The backend is built using the following key technologies:
- Python: The primary programming language.
- FastAPI: A modern, fast (high-performance) web framework for building the API.
- SQLModel: A library for interacting with relational databases, combining the power of SQLAlchemy with the convenience of Pydantic.
- PostgreSQL (Supabase): Relational database for storing user data, chat threads, messages, and upload job statuses.
- Pinecone: A managed vector database service used to store and perform similarity search on document embeddings.
- OpenAI API: Provides the text embedding models.
- Google API: Provides the Large Language Models (LLMs) for core RAG response generation, summarization, document grading, title generation and query rewriting.
- LangChain: Framework used to build and manage interactions with LLMs, vector stores, document loading, and text splitting.
- LangGraph: A framework built on LangChain for creating stateful, multi-step agentic workflows (the core of the RAG process).
- Mem0: An external service used for managing user-specific long-term memories.
- PyPDFLoader: A LangChain document loader for extracting text from PDF files.
- RecursiveCharacterTextSplitter: A LangChain text splitter for breaking down large documents into smaller chunks suitable for embedding.
- Tenacity: Library used for adding retry logic with exponential backoff to API calls (like Pinecone upserts) to handle rate limits and transient errors.
- Uvicorn: An ASGI server used to run the FastAPI application.
The core of the system is an agentic workflow orchestrated by LangGraph, designed to provide more intelligent and context-aware responses than a simple RAG chain.
When a user sends a message:
- Receive Message: The API receives the user's message and the current thread ID. The message is saved to the database.
- Load History & Memory: The system loads the conversation history from the database and potentially retrieves relevant long-term memories from Mem0. A summary of the conversation history might be generated if it's very long.
- Agent Decision (
Answer_or_Retrieve): An LLM analyzes the user's query, the conversation history summary, and long-term memories. It decides whether:- To answer directly (e.g., for simple greetings or general knowledge questions).
- To use a
retriever_toolto search the document knowledge base for relevant information (for specific questions about regulations or indexed content).
- Tool Execution (
retriever_tool): If the LLM decides to use the tool, theretriever_toolexecutes. It takes a search query (formulated by the LLM), performs a vector similarity search in Pinecone, retrieves the top N most similar document chunks, and returns their combined content. - Document Grading: Another LLM grades the retrieved document content based on its relevance to the original user query (using a score from 0-10).
- Query Rewrite (Conditional):
- If the documents are deemed relevant (score >= 6), the process proceeds to generate the final answer.
- If the documents are deemed less relevant (score < 6) AND the system hasn't retried too many times (loop count < max), the workflow routes to a query rewriting step.

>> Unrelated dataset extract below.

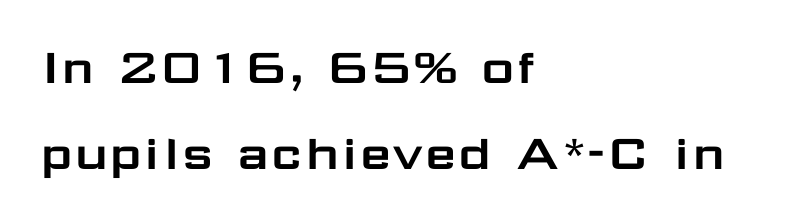
Vertical spacing — default. There is no visible air inserted between adjacent glyphs. Only glyphs here, with clear space below each row. Leftover space on each line is placed entirely after the last word. Is this a fixed-width face? No — the glyphs have proportional, varying widths. Italic: no, the glyphs are upright roman.
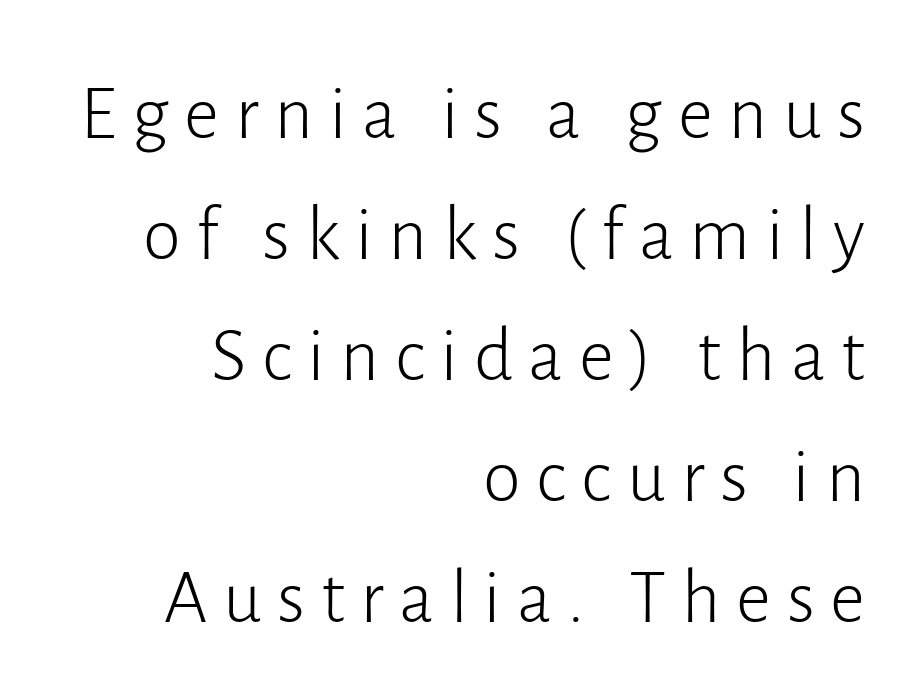
The image shows 77 px light sans-serif type, upright; set right-aligned, normal line spacing (1.57x), unusually wide letter spacing (+0.2 em), not underlined; low stroke contrast and a medium x-height.

An LLM analyzes the original query and history to generate a new, optimized search query. The process then loops back to the
Tool Executionstep with the new query (limited to a maximum of 2 attempts to prevent infinite loops).
- Prepare Final Context: After the retrieval/grading/rewrite loop (either because documents were relevant or max retries were reached), the retrieved document content (even if low-scoring) is formatted as the final context for the answer generation step.
- Generate Final Answer: A powerful LLM receives the full conversation history, the selected retrieved context, and the user's latest query. Using a detailed prompt, it synthesizes the information to provide a comprehensive, accurate, and contextually relevant answer, adhering to the role of the expert AI assistant for Asistec.
- Save Assistant Response: The generated AI response is saved to the database as a new message in the thread.
- API Response: The final AI message content is returned to the client.
This workflow ensures that the AI intelligently leverages the document base when needed, attempts to improve searches if initial results are poor, and uses conversation history and potentially user memory for better context.
To get the backend running, you need to set up the environment, install dependencies, and configure external services.
- Clone the Repository: Obtain the project code.
- Navigate to Project Directory: Open your terminal and change directory to the project root (
RAG_Chatbot). - Create Virtual Environment (using
uv):uv venv # On Windows: .\venv\Scripts\activate source venv/bin/activate
- Install Dependencies: The project uses
pyproject.tomland potentiallyuv.lockor equivalent for dependency management. If usinguv(recommended):If usinguv sync
pipwithrequirements.txt(which you would generate frompyproject.toml):pip install -r requirements.txt
Create a file named .env in the root directory (RAG_Chatbot/.env). Copy the contents of .env.example and fill in your credentials and desired settings.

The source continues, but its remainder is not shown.